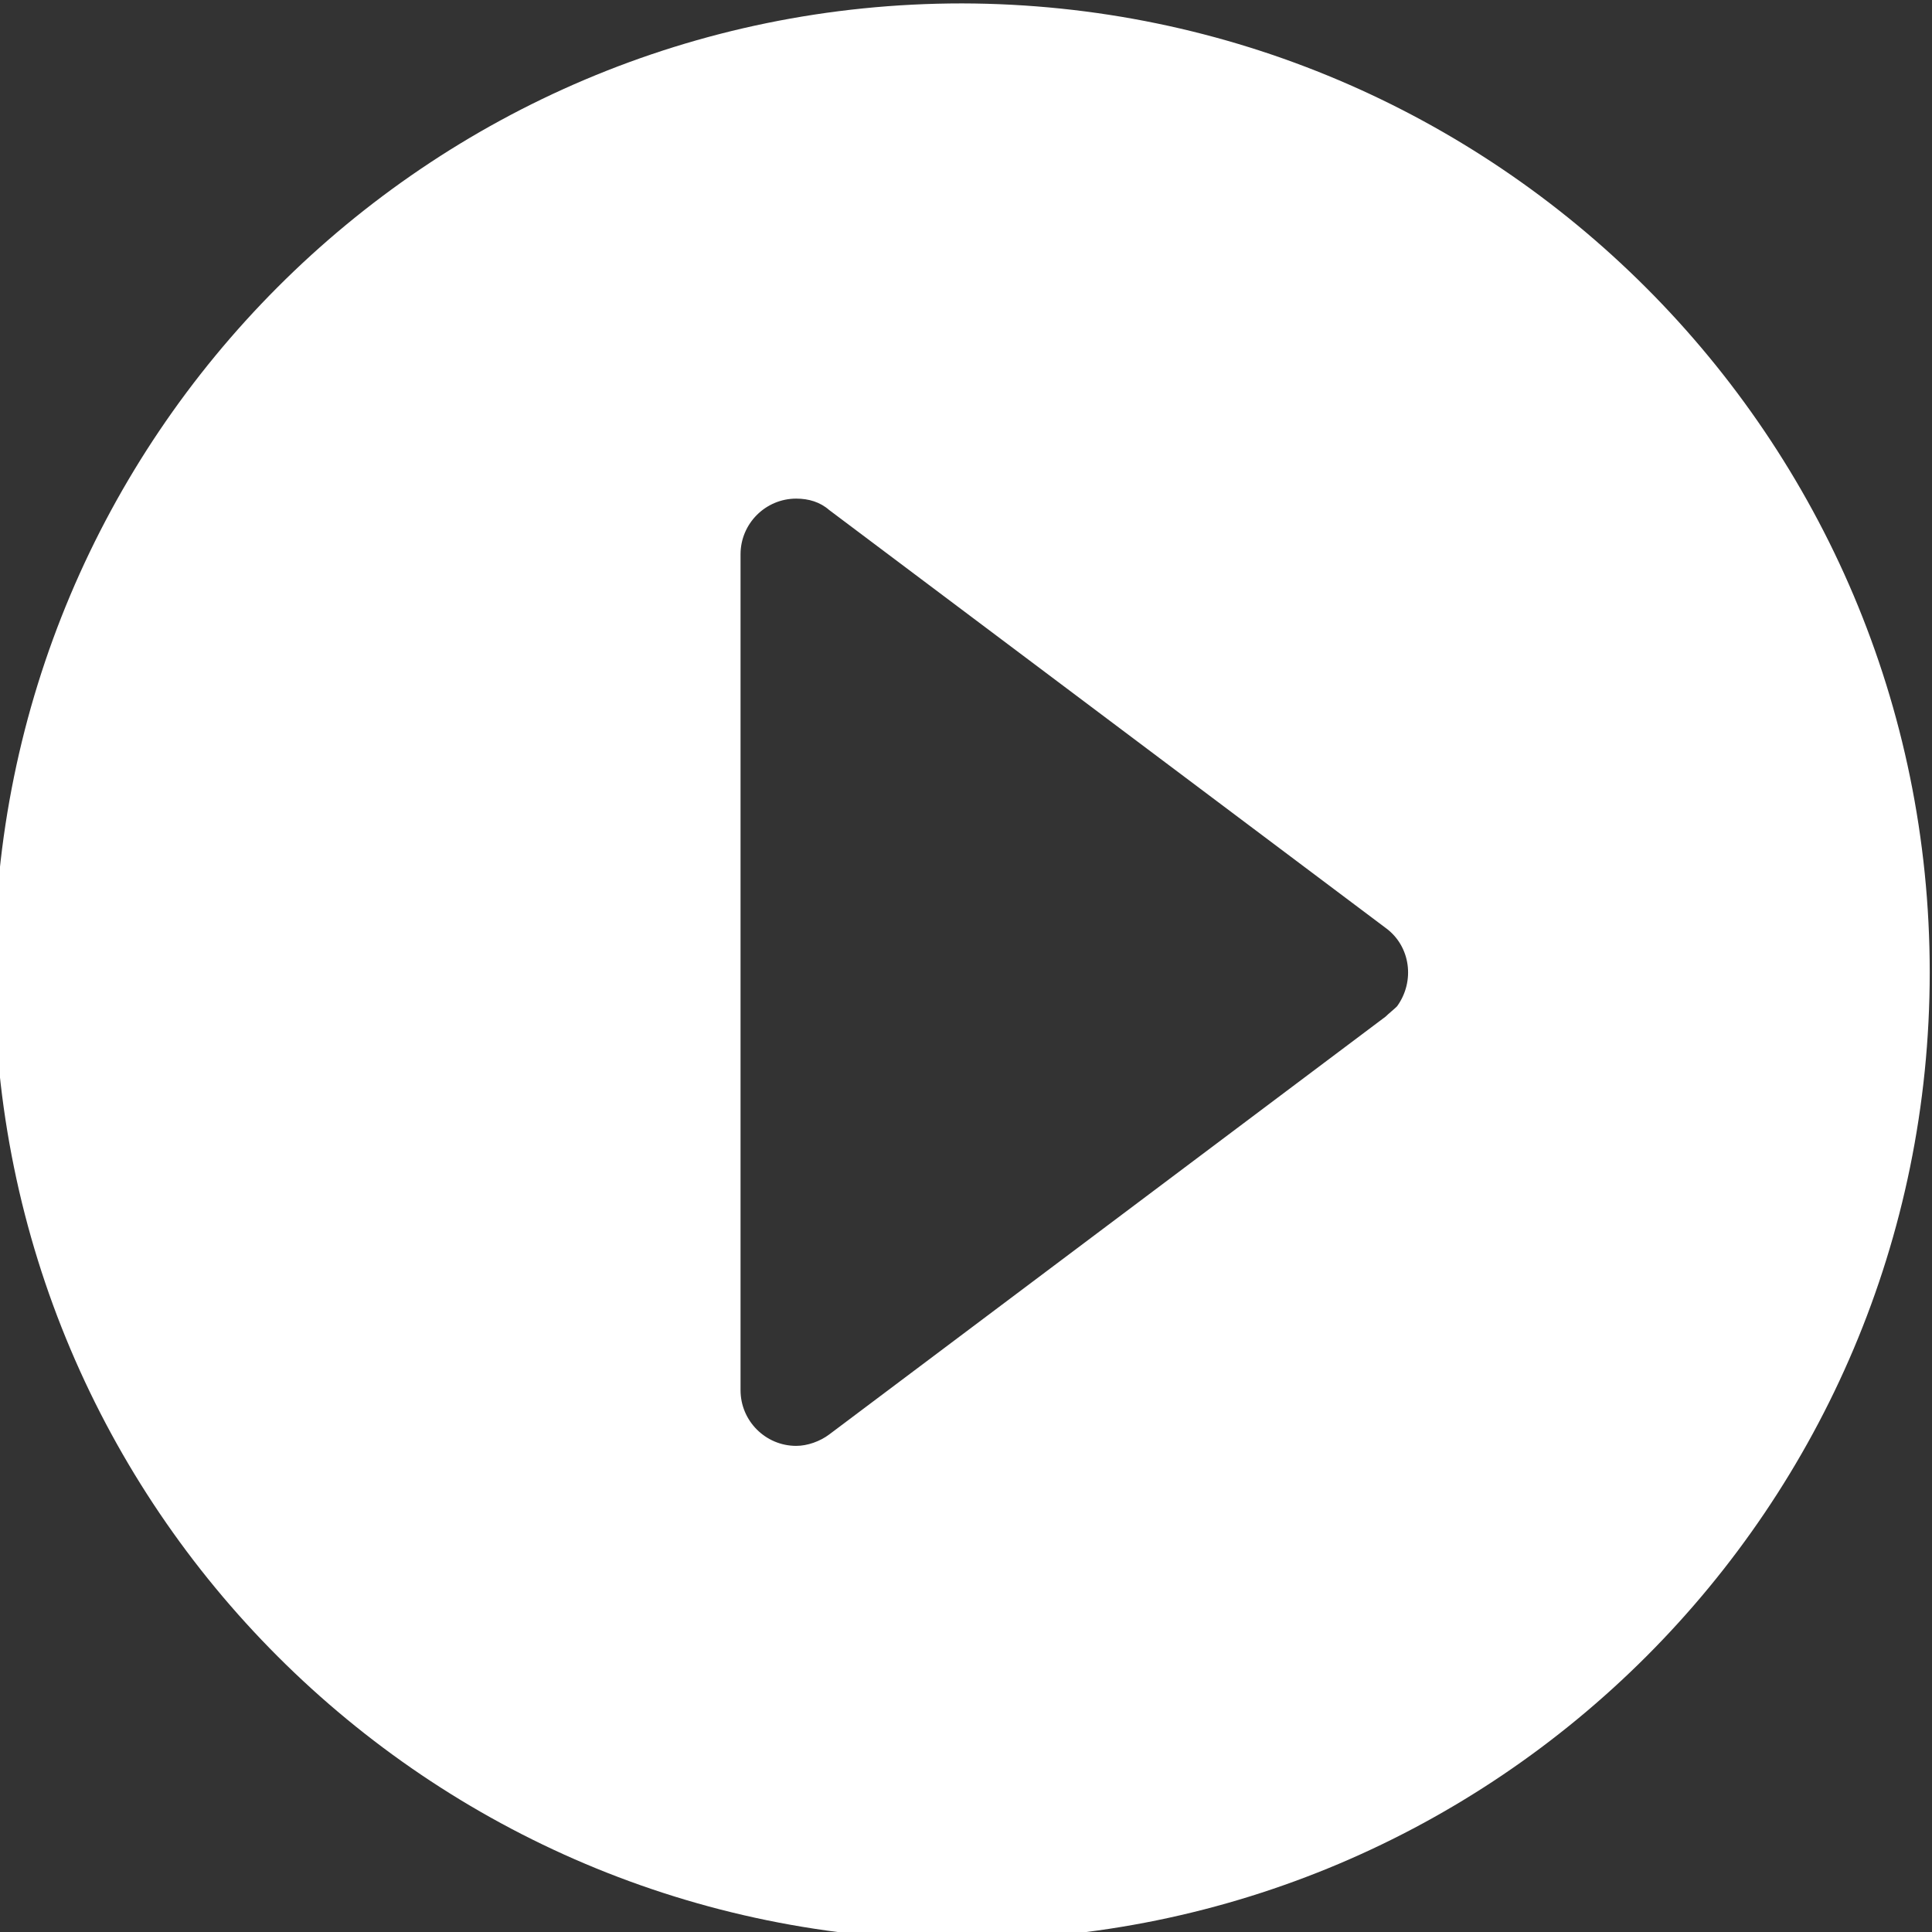 <?xml version="1.0" encoding="utf-8"?>
<!-- Generator: Adobe Illustrator 24.1.2, SVG Export Plug-In . SVG Version: 6.00 Build 0)  -->
<svg version="1.1" id="图层_1" xmlns="http://www.w3.org/2000/svg" xmlns:xlink="http://www.w3.org/1999/xlink" x="0px" y="0px"
	 viewBox="0 0 170.1 170.1" style="enable-background:new 0 0 170.1 170.1;" xml:space="preserve">
<rect x="0" y="0" width="170.1" height="170.1" fill="#333333" stroke="none"/>
<style type="text/css">
	.st0{fill:#FFFFFF;}
</style>
<g>
	<g>
		<path class="st0" d="M84.7,0.3C37.6,0.3-0.5,38.5-0.5,85.6c0,47.1,38.2,85.2,85.2,85.2c47.1,0,85.2-38.2,85.2-85.2
			C169.9,38.5,131.7,0.4,84.7,0.3L84.7,0.3z M122,89.5l-49,36.8c-0.8,0.6-1.9,1-2.9,1c-2.7,0-4.9-2.2-4.9-4.9V48.8
			c0-2.7,2.2-4.9,4.9-4.9c1.1,0,2.1,0.3,2.9,1l49,36.8c2.2,1.6,2.6,4.7,1,6.9C122.7,88.9,122.3,89.2,122,89.5L122,89.5z M122,89.5"
			/>
	</g>
</g>
</svg>
══════════
Exercise description:
The entries are to be copied exactly, and each image is to be omitted.

Written response:
 <?xml version="1.0" encoding="utf-8"?>
<!-- Generator: Adobe Illustrator 24.1.2, SVG Export Plug-In . SVG Version: 6.00 Build 0)  -->
<svg version="1.1" id="图层_1" xmlns="http://www.w3.org/2000/svg" xmlns:xlink="http://www.w3.org/1999/xlink" x="0px" y="0px"
	 viewBox="0 0 170.1 170.1" style="enable-background:new 0 0 170.1 170.1;" xml:space="preserve">
<rect x="0" y="0" width="170.1" height="170.1" fill="#333333" stroke="none"/>
<style type="text/css">
	.st0{fill:#FFFFFF;}
</style>
<g>
	<g>
		<path class="st0" d="M84.7,0.3C37.6,0.3-0.5,38.5-0.5,85.6c0,47.1,38.2,85.2,85.2,85.2c47.1,0,85.2-38.2,85.2-85.2
			C169.9,38.5,131.7,0.4,84.7,0.3L84.7,0.3z M122,89.5l-49,36.8c-0.8,0.6-1.9,1-2.9,1c-2.7,0-4.9-2.2-4.9-4.9V48.8
			c0-2.7,2.2-4.9,4.9-4.9c1.1,0,2.1,0.3,2.9,1l49,36.8c2.2,1.6,2.6,4.7,1,6.9C122.7,88.9,122.3,89.2,122,89.5L122,89.5z M122,89.5"
			/>
	</g>
</g>
</svg>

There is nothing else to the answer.